▶ Task directions
In the records below, the line that contains "आंध्रप्रदेशचे" marks the start. Copy it and each line after it through the end, exactly, without pictures.

▶ Supplied material

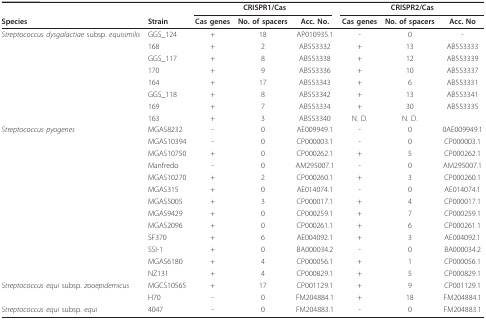
<table><thead><tr><td></td><td></td><td colspan="3"><b>CRISPR1/Cas</b></td><td colspan="3"><b>CRISPR2/Cas</b></td></tr><tr><td><b>Species</b></td><td><b>Strain</b></td><td><b>Cas genes</b></td><td><b>No. of spacers</b></td><td><b>Acc. No.</b></td><td><b>Cas genes</b></td><td><b>No. of spacers</b></td><td><b>Acc. No</b></td></tr></thead><tbody><tr><td><i>Streptococcus dysgalactiae </i>subsp. <i>equisimilis</i></td><td>GGS_124</td><td>+</td><td>18</td><td>AP010935.1</td><td>-</td><td>0</td><td>-</td></tr><tr><td></td><td>168</td><td>+</td><td>2</td><td>AB553332</td><td>+</td><td>13</td><td>AB553333</td></tr><tr><td></td><td>GGS_117</td><td>+</td><td>8</td><td>AB553338</td><td>+</td><td>12</td><td>AB553339</td></tr><tr><td></td><td>170</td><td>+</td><td>9</td><td>AB553336</td><td>+</td><td>10</td><td>AB553337</td></tr><tr><td></td><td>164</td><td>+</td><td>17</td><td>AB553343</td><td>+</td><td>6</td><td>AB553331</td></tr><tr><td></td><td>GGS_118</td><td>+</td><td>8</td><td>AB553342</td><td>+</td><td>13</td><td>AB553341</td></tr><tr><td></td><td>169</td><td>+</td><td>7</td><td>AB553334</td><td>+</td><td>30</td><td>AB553335</td></tr><tr><td></td><td>163</td><td>+</td><td>3</td><td>AB553340</td><td>N. D.</td><td>N. D.</td><td></td></tr><tr><td><i>Streptococcus pyogenes</i></td><td>MGAS8232</td><td>-</td><td>0</td><td>AE009949.1</td><td>-</td><td>0</td><td>0AE009949.1</td></tr><tr><td></td><td>MGAS10394</td><td>-</td><td>0</td><td>CP000003.1</td><td>-</td><td>0</td><td>CP000003.1</td></tr><tr><td></td><td>MGAS10750</td><td>+</td><td>0</td><td>CP000262.1</td><td>+</td><td>5</td><td>CP000262.1</td></tr><tr><td></td><td>Manfredo</td><td>-</td><td>0</td><td>AM295007.1</td><td>-</td><td>0</td><td>AM295007.1</td></tr><tr><td></td><td>MGAS10270</td><td>+</td><td>2</td><td>CP000260.1</td><td>+</td><td>3</td><td>CP000260.1</td></tr><tr><td></td><td>MGAS315</td><td>+</td><td>0</td><td>AE014074.1</td><td>-</td><td>0</td><td>AE014074.1</td></tr><tr><td></td><td>MGAS5005</td><td>+</td><td>3</td><td>CP000017.1</td><td>+</td><td>4</td><td>CP000017.1</td></tr><tr><td></td><td>MGAS9429</td><td>+</td><td>0</td><td>CP000259.1</td><td>+</td><td>7</td><td>CP000259.1</td></tr><tr><td></td><td>MGAS2096</td><td>+</td><td>0</td><td>CP000261.1</td><td>+</td><td>6</td><td>CP000261.1</td></tr><tr><td></td><td>SF370</td><td>+</td><td>6</td><td>AE004092.1</td><td>+</td><td>3</td><td>AE004092.1</td></tr><tr><td></td><td>SSI-1</td><td>+</td><td>0</td><td>BA000034.2</td><td>-</td><td>0</td><td>BA000034.2</td></tr><tr><td></td><td>MGAS6180</td><td>+</td><td>4</td><td>CP000056.1</td><td>+</td><td>1</td><td>CP000056.1</td></tr><tr><td></td><td>NZ131</td><td>+</td><td>4</td><td>CP000829.1</td><td>+</td><td>5</td><td>CP000829.1</td></tr><tr><td><i>Streptococcus equi </i>subsp. <i>zooepidemicus</i></td><td>MGCS10565</td><td>+</td><td>17</td><td>CP001129.1</td><td>+</td><td>9</td><td>CP001129.1</td></tr><tr><td></td><td>H70</td><td>-</td><td>0</td><td>FM204884.1</td><td>+</td><td>18</td><td>FM204884.1</td></tr><tr><td><i>Streptococcus equi </i>subsp. <i>equi</i></td><td>4047</td><td>-</td><td>0</td><td>FM204883.1</td><td>-</td><td>0</td><td>FM204883.1</td></tr></tbody></table>
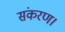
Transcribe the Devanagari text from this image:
संकरण।
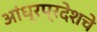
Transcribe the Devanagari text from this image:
आंध्रप्रदेशचे
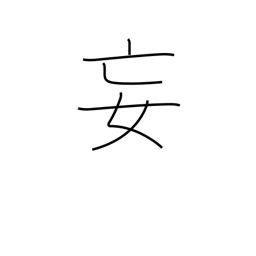
Meaning: delusion
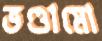
ভণ্ডামো
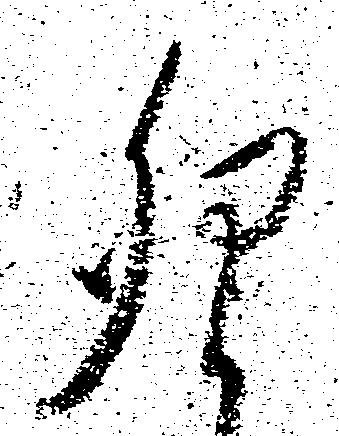
卯
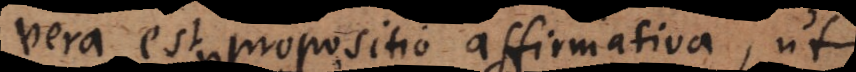
vera est propositio affirmativa, ut
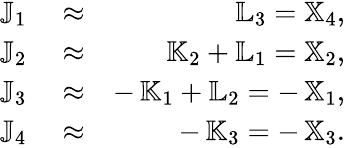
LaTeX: \begin{array}{rlr}{{\mathbb J}_{1}}&{{}\approx}&{{\mathbb L}_{3}={\mathbb X}_{4},}\\ {{\mathbb J}_{2}}&{{}\approx}&{{\mathbb K}_{2}+{\mathbb L}_{1}={\mathbb X}_{2},}\\ {{\mathbb J}_{3}}&{{}\approx}&{-\, {\mathbb K}_{1}+{\mathbb L}_{2}=-\, {\mathbb X}_{1},}\\ {{\mathbb J}_{4}}&{{}\approx}&{-\, {\mathbb K}_{3}=-\, {\mathbb X}_{3}.}\end{array}

▶ Answer section
आंध्रप्रदेशचे
Meaning: delusion
ভণ্ডামো
卯
vera est propositio affirmativa, ut
LaTeX: \begin{array}{rlr}{{\mathbb J}_{1}}&{{}\approx}&{{\mathbb L}_{3}={\mathbb X}_{4},}\\ {{\mathbb J}_{2}}&{{}\approx}&{{\mathbb K}_{2}+{\mathbb L}_{1}={\mathbb X}_{2},}\\ {{\mathbb J}_{3}}&{{}\approx}&{-\, {\mathbb K}_{1}+{\mathbb L}_{2}=-\, {\mathbb X}_{1},}\\ {{\mathbb J}_{4}}&{{}\approx}&{-\, {\mathbb K}_{3}=-\, {\mathbb X}_{3}.}\end{array}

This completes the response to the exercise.